• Connecting the device to the water, heating and freon pipelines (5m) with installation materials.
  • Standard installation always includes:
    • • shut-off valves, air separators, mud filters, heating system pressure gauge,
    • • expansion tanks for heating and domestic water, system filling and draining valves,
      • pipeline marking,
      • covering the freon pipeline with a box outdoors up to 2m,
      • drilling a hole in the wall (up to 50 cm thick), except reinforced concrete, earthenware, stone, red brick, etc. (upon agreement for an additional fee),
    • • system start-up and configuration and customer training.

Preliminary work by the customer before installing the air-to-water heat pump:

• To make the electrical connection, a properly grounded cable must be brought either to the OUTDOOR PART of the heat pump with a margin of 2m or to the INDOOR PART with a margin (pipe length) TO THE OUTDOOR PART (the cross-section of the wire depends on the heat pump model)
• The electrical panel must have a circuit breaker corresponding to the heat pump model and the power cable connected under the fuse in the panel. Specify the fuse size according to the heat pump model;
• The circuit breaker must be routed past the building’s residual current device.
• In the case of additional circulation pumps, bring a separate power supply to each pump directly from the panel;
• To connect the online module, bring a cable with a CAT5/CAT6 connector to the heat pump with a margin of at least 2m.

How a geothermal heat pump works?

Ground collector circuit (1)

1) A frost-resistant liquid (ground collector liquid) circulates in a pipe (ground collector) from the heat pump to the heat source (ground/soil/lake). To use the energy from the heat source, the ground collector liquid warms up by a few degrees, from a temperature of about -3 °C to a temperature of 0 °C.

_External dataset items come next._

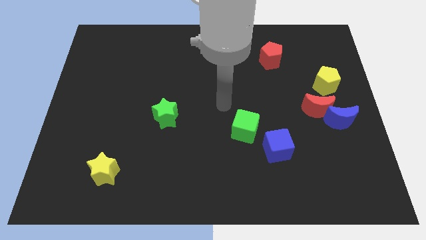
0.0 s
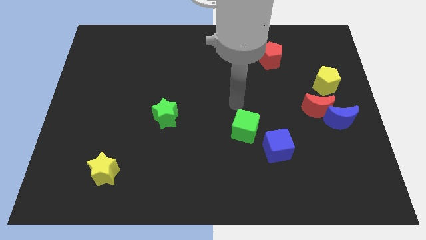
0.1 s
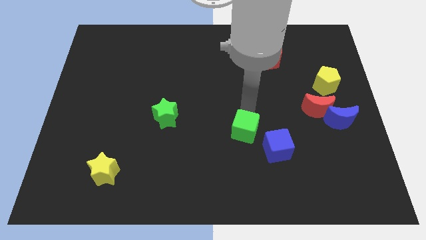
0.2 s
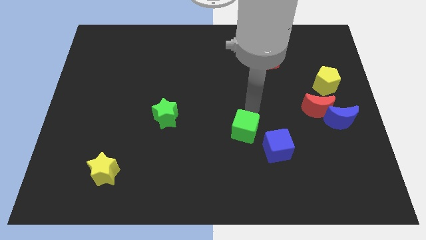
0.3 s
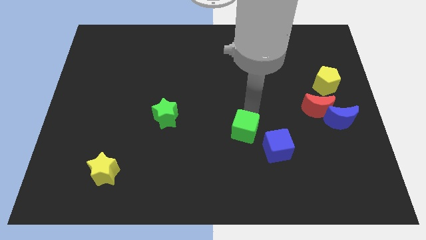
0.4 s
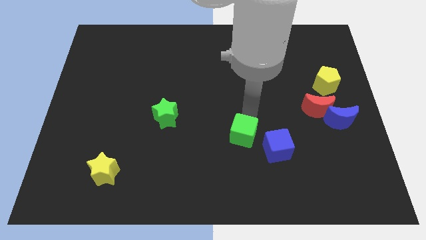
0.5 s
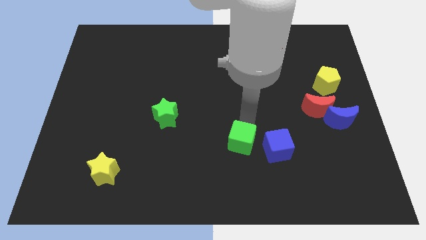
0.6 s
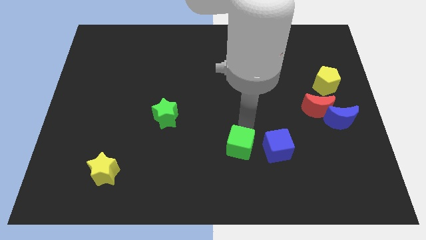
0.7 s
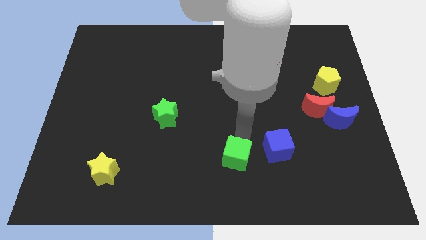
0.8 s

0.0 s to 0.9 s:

2) The ground collector liquid moves to the heat pump evaporator. Here, the ground collector liquid releases its thermal energy and its temperature drops a few degrees. The liquid then moves back to the heat source to acquire new energy.

Refrigerant circuit (2)

3) Another liquid circulates in the closed system of the heat pump – the refrigerant, which also passes through the evaporator. The refrigerant is characterized by a very low boiling point. In the evaporator, the refrigerant absorbs thermal energy from the ground collector liquid and boils.

4) The steam produced during boiling is fed to the compressor, where the pressure increases as the steam is compressed and the temperature of the steam rises significantly from a temperature of about 5°C to a temperature of about 100°C.

5) From the compressor, the steam is pressed further into a heat exchanger – a condenser, where the heat energy is released into the house’s heating system. The steam is then cooled and condensed back into a liquid state.

6) Since the pressure is still high, the refrigerant passes through an expansion valve, where the pressure drops and the refrigerant’s original low temperature is restored. The refrigerant has now completed a full cycle and is fed back into the evaporator, where the whole process starts over again.

Heating circuit (3)

7) The heat energy that the refrigerant has released in the condenser is now acquired by the boiler part of the heat pump.

8) The heating water circulating in the closed system transfers the heat energy of the heated water to the house’s domestic hot water boiler and radiators/underfloor heating.

There are several stages to installing a ground source heat pump. Usually, a ground collector is first installed in the ground, which takes 1-3 working days. Then the heat pump is installed and then the heat pump is connected to the ground collector. In the final stage, the ground collector is filled with coolant and the heating system with heating water or heat carrier. Finally, the electrical connections are made, the heat pump is set up and the system is checked for operation.